Plot the Ramachandran Diagram

import matplotlib.pyplot as plt

fig, ax = plt.subplots(figsize=(8, 7))

scatter = ax.scatter(
    phi_angles, psi_angles,
    c=energies,
    cmap="RdYlGn_r",
    s=60,
    edgecolors="black",
    linewidths=0.5,
    vmin=0,
    vmax=max(5, max(energies)),
)

cbar = plt.colorbar(scatter, ax=ax, label="Relative energy (kcal/mol)")
ax.set_xlabel("Phi (degrees)")
ax.set_ylabel("Psi (degrees)")
ax.set_title("Alanine Dipeptide Ramachandran Plot (AIMNet2)")
ax.set_xlim(-180, 180)
ax.set_ylim(-180, 180)
ax.axhline(0, color="gray", linewidth=0.5, linestyle="--")
ax.axvline(0, color="gray", linewidth=0.5, linestyle="--")

# Mark known regions
ax.annotate("C7eq", xy=(-80, 80), fontsize=10, ha="center")
ax.annotate("C5", xy=(-160, 160), fontsize=10, ha="center")
ax.annotate("alphaR", xy=(-60, -40), fontsize=10, ha="center")

plt.tight_layout()
plt.savefig("ramachandran.png", dpi=150)
plt.show()

Memory Management for Large Ensembles

When processing hundreds of conformers, GPU memory can become a bottleneck.
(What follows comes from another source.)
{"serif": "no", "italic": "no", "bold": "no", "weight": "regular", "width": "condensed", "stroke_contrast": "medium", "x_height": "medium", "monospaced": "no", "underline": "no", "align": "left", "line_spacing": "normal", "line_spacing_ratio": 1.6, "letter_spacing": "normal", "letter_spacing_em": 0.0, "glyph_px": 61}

Process conformers in batches to avoid out-of-memory errors.

import gc
import torch
from ase import Atoms
from ase.optimize import BFGS
from aimnet.calculators import AIMNet2ASE, AIMNet2Calculator

base_calc = AIMNet2Calculator("aimnet2", compile_model=True)
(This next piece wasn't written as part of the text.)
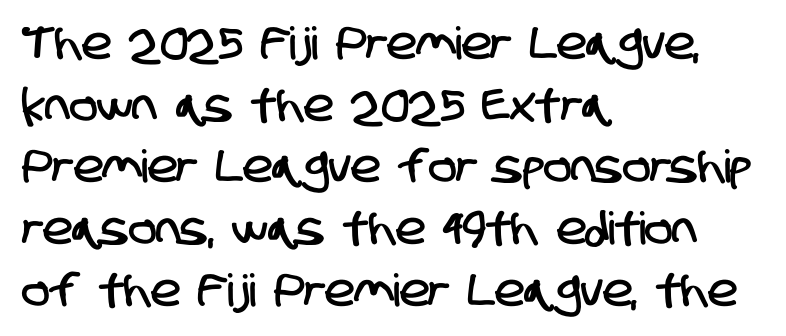
The image shows 45 px condensed sans-serif type; set left-aligned, normal line spacing (1.37x), normal letter spacing, not underlined; low stroke contrast and a large x-height.

BATCH_SIZE = 50  # Process this many conformers at a time


def optimize_batch(conformer_list, base_calc):
    """Optimize a batch of conformers, clearing GPU memory between batches."""
    results = []
    for atoms in conformer_list:
        atoms.calc = AIMNet2ASE(base_calc, charge=0)
        opt = BFGS(atoms, logfile=None)
        converged = opt.run(fmax=0.01, steps=500)
        results.append({
            "atoms": atoms.copy(),  # Copy to detach from calculator
            "energy": atoms.get_potential_energy(),
            "converged": converged,
        })
    return results


# Process in batches
all_atoms = [rdkit_conf_to_ase(mol, cid) for cid in conf_ids]
all_results = []

for i in range(0, len(all_atoms), BATCH_SIZE):
    batch = all_atoms[i : i + BATCH_SIZE]
    batch_results = optimize_batch(batch, base_calc)
    all_results.extend(batch_results)

    # Clear GPU cache between batches
    if torch.cuda.is_available():
        torch.cuda.empty_cache()
    gc.collect()

    print(f"Processed {min(i + BATCH_SIZE, len(all_atoms))}/{len(all_atoms)}")

Duplicate Removal

After optimization, different initial conformers may converge to the same minimum. Remove duplicates by comparing energies and RMSD.

import numpy as np


def rmsd(pos1, pos2):
    """Compute RMSD between two coordinate sets (same atom ordering)."""
    return np.sqrt(np.mean(np.sum((pos1 - pos2) ** 2, axis=1)))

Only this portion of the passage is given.